What to work on >>
Write out once more the lines running from the top of the entries below to the line with "romans noirs, la", both ends included.

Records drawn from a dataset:
++++++

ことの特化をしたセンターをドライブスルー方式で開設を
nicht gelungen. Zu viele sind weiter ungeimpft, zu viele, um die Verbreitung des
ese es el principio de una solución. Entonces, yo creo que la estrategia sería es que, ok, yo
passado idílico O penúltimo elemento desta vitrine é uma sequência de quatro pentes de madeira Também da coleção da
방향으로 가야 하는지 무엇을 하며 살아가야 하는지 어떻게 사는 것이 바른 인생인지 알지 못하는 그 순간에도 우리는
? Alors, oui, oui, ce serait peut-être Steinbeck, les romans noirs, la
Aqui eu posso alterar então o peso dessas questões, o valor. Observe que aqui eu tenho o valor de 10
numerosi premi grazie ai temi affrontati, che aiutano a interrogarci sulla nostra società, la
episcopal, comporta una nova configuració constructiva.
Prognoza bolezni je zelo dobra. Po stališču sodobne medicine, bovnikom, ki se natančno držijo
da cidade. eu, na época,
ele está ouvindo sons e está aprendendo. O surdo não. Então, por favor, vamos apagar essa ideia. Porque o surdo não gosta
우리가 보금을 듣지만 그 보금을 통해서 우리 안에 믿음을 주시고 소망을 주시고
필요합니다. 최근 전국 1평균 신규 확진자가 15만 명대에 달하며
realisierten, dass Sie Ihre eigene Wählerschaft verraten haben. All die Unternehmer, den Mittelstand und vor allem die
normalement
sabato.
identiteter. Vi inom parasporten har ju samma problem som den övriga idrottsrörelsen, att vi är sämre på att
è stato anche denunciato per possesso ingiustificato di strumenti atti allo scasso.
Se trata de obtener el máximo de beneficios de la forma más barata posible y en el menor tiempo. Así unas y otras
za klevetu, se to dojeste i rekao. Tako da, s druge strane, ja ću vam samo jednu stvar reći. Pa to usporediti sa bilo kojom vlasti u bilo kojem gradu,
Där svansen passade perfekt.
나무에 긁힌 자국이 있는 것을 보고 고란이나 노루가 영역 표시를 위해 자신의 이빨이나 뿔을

++++++

Exercise result >>
ことの特化をしたセンターをドライブスルー方式で開設を
nicht gelungen. Zu viele sind weiter ungeimpft, zu viele, um die Verbreitung des
ese es el principio de una solución. Entonces, yo creo que la estrategia sería es que, ok, yo
passado idílico O penúltimo elemento desta vitrine é uma sequência de quatro pentes de madeira Também da coleção da
방향으로 가야 하는지 무엇을 하며 살아가야 하는지 어떻게 사는 것이 바른 인생인지 알지 못하는 그 순간에도 우리는
? Alors, oui, oui, ce serait peut-être Steinbeck, les romans noirs, la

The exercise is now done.